Exercise directions —
Locate every line in the records below that holds the word "circular" and return each one.

Listed records —
======

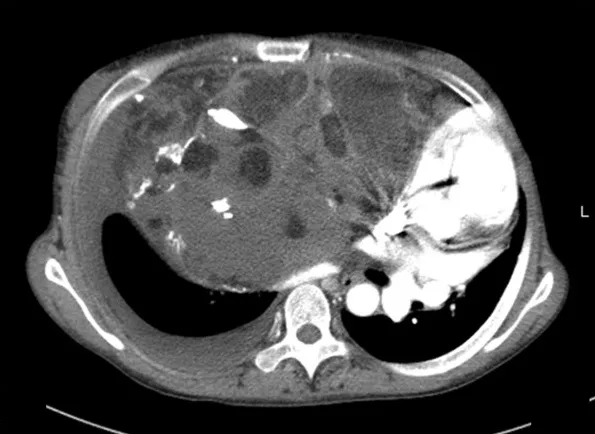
Preoperative computed tomography scan of the abdomen showing a giant solid mass.
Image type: radiology (ct)
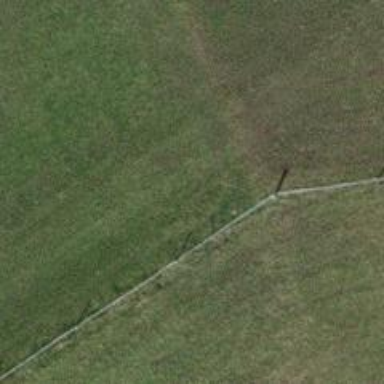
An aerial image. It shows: Fence.
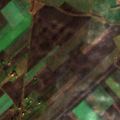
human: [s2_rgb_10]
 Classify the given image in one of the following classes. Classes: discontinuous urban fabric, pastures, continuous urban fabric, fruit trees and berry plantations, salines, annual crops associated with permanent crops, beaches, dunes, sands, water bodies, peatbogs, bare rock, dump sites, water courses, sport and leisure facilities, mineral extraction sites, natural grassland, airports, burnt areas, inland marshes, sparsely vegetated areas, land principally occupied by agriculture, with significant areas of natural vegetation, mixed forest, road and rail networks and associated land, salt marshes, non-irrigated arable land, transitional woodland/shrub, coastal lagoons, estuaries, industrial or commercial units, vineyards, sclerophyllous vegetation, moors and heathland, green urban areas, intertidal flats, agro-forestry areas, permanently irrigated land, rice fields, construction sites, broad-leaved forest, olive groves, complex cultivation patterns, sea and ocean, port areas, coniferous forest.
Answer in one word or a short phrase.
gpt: non-irrigated arable land, complex cultivation patterns, inland marshes
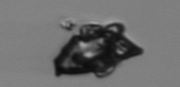
Label: Delphineis
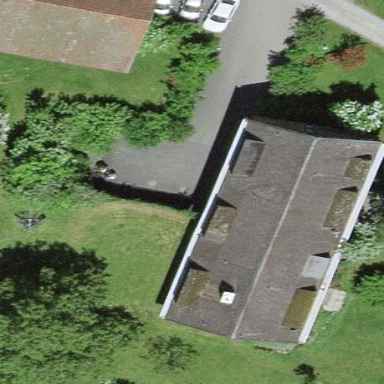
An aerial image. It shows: Gabled building.
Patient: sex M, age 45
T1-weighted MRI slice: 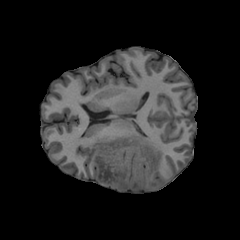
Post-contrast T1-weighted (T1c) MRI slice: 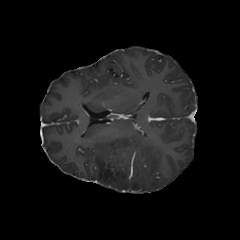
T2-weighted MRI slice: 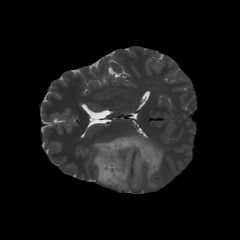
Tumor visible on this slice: yes
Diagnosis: Astrocytoma, IDH-wildtype
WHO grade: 2
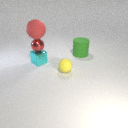
small red metal sphere below large red rubber sphere
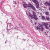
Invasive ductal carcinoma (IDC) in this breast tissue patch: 0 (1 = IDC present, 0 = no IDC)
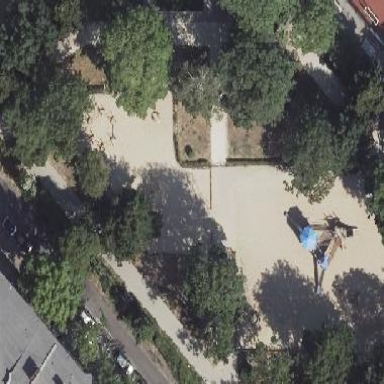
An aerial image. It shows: Playground featuring sandpit with playground theme.
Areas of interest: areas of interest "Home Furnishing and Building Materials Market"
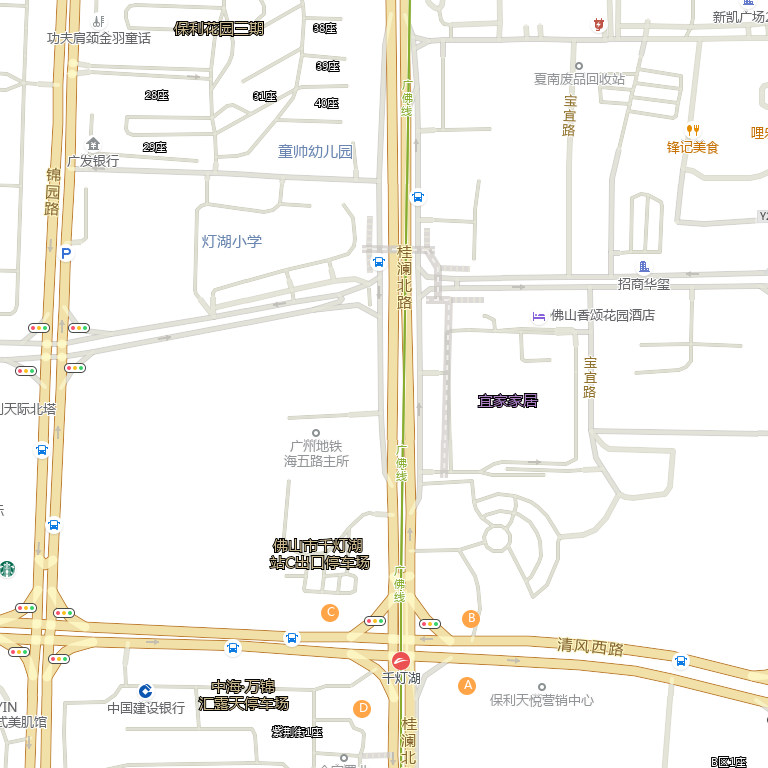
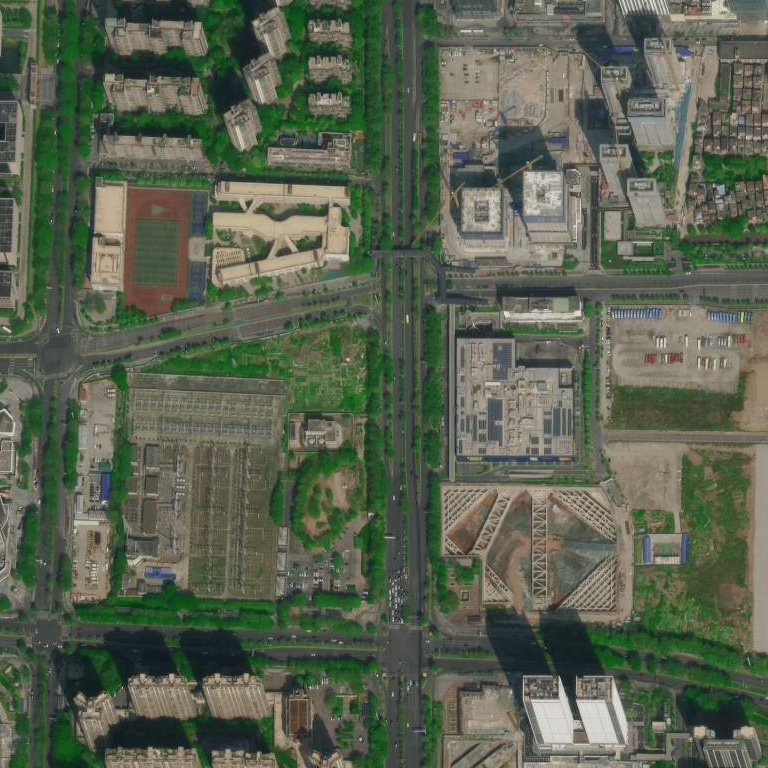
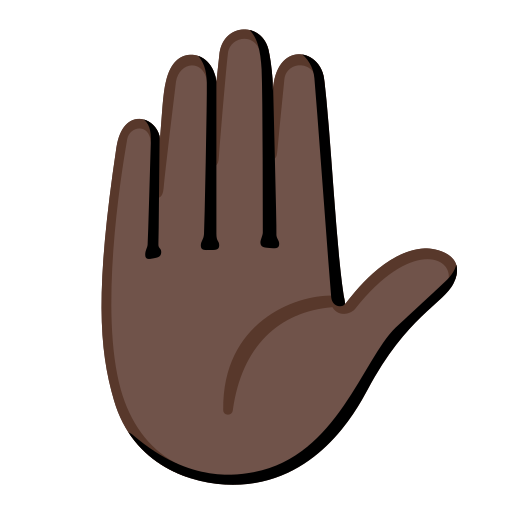
Emoji: ✋🏿
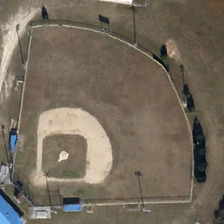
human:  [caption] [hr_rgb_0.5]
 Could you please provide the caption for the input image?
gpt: a baseball field is near several green trees .

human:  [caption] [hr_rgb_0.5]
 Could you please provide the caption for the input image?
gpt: a baseball field is near several green trees .

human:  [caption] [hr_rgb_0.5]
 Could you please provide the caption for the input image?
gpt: a baseball field is near several green trees .

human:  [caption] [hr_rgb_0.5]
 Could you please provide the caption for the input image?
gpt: a baseball field is near several green trees .

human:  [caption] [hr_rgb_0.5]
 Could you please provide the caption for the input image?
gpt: a baseball field is near several green trees .
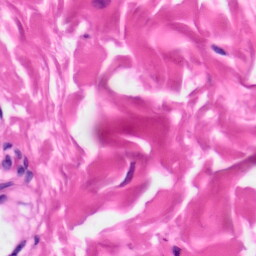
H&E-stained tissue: Skin
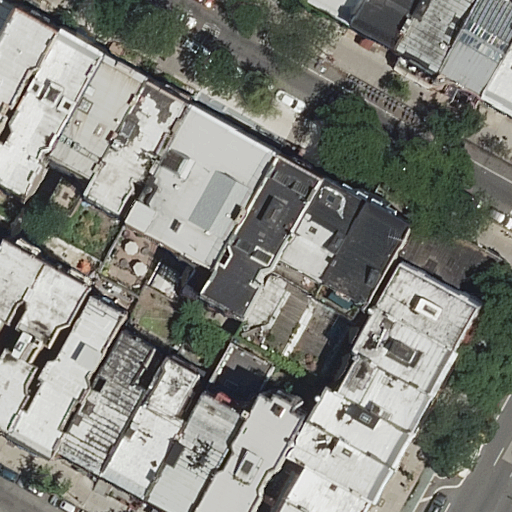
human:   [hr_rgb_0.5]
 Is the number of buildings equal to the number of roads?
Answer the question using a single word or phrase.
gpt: no

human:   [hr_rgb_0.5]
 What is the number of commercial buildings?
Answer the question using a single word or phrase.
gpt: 0

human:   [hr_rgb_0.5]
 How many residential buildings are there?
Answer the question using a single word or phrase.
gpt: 29

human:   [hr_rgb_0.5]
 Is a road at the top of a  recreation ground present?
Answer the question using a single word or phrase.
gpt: no

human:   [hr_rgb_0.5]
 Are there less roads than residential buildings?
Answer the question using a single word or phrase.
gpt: yes

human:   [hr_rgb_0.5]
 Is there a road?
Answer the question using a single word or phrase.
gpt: yes

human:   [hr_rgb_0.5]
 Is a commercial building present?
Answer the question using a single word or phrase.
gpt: no

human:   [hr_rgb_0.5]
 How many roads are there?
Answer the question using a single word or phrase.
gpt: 4

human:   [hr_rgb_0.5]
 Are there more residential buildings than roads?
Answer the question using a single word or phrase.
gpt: yes

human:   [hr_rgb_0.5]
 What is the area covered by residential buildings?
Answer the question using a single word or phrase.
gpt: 5243m2

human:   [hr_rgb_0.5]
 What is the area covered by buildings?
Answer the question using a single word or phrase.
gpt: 5243m2

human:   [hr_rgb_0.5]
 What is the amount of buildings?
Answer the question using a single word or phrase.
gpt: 29

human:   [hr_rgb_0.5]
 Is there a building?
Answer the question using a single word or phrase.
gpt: yes

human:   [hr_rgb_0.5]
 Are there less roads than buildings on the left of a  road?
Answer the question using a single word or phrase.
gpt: yes

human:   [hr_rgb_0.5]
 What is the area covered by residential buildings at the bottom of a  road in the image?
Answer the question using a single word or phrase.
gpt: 3878m2

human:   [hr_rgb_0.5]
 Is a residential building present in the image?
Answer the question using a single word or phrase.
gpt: yes

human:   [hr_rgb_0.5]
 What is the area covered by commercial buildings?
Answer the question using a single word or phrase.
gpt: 0m2

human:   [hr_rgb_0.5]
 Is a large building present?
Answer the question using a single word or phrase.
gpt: yes

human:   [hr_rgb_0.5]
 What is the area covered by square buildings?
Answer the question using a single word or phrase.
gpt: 0m2

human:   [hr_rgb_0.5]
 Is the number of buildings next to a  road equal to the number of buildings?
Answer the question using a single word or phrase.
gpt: yes

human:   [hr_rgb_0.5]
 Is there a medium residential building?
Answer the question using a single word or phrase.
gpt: yes

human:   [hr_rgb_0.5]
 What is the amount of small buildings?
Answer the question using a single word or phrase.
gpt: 6

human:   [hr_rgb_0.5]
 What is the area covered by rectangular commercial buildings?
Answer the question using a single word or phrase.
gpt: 0m2

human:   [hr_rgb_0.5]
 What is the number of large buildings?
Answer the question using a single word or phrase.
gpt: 1

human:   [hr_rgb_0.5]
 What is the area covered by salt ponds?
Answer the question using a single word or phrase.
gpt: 0m2

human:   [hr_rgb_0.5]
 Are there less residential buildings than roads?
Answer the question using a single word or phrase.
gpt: no

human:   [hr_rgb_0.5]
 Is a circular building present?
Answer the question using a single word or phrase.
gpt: no

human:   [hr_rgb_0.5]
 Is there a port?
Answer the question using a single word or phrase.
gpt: no

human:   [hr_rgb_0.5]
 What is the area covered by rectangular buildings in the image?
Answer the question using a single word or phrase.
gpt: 1923m2

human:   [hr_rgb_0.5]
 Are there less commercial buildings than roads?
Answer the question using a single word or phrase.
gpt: yes

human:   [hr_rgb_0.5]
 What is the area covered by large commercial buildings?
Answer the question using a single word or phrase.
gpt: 0m2

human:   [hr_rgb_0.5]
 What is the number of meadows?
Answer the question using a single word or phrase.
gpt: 0

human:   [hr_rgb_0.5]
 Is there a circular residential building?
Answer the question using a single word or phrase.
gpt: no

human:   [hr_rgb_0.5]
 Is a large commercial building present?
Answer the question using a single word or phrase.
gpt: no

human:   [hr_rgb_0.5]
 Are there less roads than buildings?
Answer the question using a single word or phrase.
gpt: yes

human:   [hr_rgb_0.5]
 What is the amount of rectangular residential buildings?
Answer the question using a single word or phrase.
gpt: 17

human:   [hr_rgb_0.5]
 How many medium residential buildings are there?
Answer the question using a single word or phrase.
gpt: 22

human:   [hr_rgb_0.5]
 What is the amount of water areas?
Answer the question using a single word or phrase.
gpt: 0

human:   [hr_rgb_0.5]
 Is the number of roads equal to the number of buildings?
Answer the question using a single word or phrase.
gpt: no

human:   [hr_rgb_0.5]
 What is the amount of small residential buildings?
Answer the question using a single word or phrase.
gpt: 6

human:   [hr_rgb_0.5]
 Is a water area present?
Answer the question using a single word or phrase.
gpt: no

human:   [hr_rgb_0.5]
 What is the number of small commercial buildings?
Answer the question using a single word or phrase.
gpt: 0

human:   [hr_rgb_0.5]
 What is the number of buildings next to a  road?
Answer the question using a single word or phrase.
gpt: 29

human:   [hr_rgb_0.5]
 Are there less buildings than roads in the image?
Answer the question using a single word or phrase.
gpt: no

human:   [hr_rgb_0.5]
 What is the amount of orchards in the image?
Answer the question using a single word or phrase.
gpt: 0

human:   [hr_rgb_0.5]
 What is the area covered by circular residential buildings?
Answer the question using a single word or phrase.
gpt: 0m2

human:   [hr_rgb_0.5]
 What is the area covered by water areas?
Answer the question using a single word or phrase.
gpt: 0m2

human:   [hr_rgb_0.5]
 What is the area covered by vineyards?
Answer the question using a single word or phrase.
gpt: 0m2

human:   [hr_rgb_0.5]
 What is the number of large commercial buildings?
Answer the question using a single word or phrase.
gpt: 0

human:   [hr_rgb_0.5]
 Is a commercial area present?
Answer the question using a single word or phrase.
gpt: no

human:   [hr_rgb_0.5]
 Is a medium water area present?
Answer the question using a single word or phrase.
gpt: no

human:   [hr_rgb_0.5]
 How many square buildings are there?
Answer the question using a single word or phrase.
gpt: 0

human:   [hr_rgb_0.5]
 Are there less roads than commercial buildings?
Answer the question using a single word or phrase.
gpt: no

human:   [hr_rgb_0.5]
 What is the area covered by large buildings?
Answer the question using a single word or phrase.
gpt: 541m2

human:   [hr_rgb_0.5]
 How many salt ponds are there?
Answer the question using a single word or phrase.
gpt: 0

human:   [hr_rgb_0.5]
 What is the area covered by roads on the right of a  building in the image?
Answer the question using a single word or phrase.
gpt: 0m2

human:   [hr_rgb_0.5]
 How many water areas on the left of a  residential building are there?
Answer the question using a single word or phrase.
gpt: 0

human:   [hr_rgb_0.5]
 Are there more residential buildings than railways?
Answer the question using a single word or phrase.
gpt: yes

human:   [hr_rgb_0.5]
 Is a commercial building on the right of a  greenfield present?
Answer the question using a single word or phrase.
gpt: no

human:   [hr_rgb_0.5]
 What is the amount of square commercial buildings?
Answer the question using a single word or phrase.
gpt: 0

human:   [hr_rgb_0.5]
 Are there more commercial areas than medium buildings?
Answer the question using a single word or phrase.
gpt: no

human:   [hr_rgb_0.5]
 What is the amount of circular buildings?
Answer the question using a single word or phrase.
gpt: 0

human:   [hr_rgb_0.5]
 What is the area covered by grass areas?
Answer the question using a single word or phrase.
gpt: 0m2

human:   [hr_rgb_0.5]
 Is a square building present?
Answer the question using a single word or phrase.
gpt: no
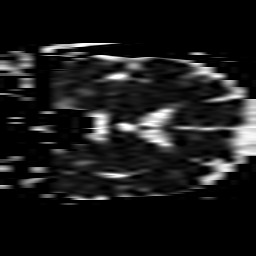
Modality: ADC
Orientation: coronal
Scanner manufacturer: philips
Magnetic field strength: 1.5 T
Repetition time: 2.88 s
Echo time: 0.06279 s

======

Written response —
 Is a circular building present?
 Is there a circular residential building?
 What is the area covered by circular residential buildings?
 What is the amount of circular buildings?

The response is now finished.